I have a matrix of x rows and 8 columns and need to random the rows so no element from the first column occur twice in a row.

It is a x times 8 double.

I know how to random the first coulumn but end up with a x times 1 array instad.

Thank you in advance

##### 0 Comments

### Accepted Answer

Adam Danz
on 22 Mar 2023

Edited: Adam Danz
on 23 Mar 2023

There is no general solution since the values in column 1 may not sufficiently vary. For example, what if all of the values in column 1 were identical? Or what if the values in column 1 were [1;1;1;2]?

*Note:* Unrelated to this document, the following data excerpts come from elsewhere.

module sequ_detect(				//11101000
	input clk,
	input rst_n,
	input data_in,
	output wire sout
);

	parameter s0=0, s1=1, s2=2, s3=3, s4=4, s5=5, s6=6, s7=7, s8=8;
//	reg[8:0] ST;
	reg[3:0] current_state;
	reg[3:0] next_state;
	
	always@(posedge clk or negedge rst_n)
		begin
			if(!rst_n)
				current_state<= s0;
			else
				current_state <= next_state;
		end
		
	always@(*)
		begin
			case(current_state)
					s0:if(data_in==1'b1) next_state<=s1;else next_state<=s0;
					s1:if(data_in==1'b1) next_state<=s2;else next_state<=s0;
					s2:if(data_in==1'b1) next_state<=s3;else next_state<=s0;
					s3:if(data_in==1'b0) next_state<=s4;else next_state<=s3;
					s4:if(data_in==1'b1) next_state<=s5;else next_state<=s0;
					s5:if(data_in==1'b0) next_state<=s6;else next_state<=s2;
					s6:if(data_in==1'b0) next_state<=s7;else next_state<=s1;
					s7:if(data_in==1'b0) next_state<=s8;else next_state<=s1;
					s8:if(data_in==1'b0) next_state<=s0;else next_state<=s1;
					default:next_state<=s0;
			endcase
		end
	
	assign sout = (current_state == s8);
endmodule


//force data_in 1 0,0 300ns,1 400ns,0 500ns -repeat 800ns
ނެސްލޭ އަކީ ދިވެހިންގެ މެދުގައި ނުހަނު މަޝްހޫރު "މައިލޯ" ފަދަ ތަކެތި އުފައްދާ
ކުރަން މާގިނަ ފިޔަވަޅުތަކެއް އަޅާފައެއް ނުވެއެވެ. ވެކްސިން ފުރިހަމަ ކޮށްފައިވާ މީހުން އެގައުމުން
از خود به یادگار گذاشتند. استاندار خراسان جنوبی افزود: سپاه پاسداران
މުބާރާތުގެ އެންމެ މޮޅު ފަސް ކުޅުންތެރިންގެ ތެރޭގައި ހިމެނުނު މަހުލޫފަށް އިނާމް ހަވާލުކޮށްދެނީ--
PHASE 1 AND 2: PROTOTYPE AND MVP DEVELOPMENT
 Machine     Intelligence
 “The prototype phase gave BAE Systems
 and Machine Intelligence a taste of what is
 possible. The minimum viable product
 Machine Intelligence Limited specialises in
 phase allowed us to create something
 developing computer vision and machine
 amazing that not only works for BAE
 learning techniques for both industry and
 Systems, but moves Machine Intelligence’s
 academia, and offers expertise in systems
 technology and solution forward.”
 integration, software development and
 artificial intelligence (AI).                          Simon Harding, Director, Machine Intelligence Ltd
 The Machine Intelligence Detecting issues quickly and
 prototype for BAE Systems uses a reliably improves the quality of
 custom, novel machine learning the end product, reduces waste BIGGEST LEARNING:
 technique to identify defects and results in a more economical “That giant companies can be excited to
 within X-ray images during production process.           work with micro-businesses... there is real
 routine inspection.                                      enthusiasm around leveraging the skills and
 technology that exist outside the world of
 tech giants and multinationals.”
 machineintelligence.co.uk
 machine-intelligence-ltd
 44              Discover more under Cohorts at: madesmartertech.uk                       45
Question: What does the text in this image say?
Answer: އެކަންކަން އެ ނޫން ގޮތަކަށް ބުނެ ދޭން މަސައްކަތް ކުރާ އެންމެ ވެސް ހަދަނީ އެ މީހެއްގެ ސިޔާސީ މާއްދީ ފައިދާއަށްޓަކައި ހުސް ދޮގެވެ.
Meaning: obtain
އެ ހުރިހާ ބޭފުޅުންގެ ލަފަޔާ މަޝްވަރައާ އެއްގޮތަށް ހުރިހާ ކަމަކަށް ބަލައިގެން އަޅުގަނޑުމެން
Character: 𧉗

Assuming the data in column 1 sufficiently varies, you can use randperm to randomly permute the rows of the matrix. But that doesn't guarantee a lack of consecutive identical values. You could pemute the rows within a while-loop that continues to apply random permutations until the condition is satisfied or until all possibilities are exhausted, though this approach challenges the notion of randomness.

Here's a demo. If there are no permutations that satisfy the constraints, a warning is thrown (you can change that however you'd like).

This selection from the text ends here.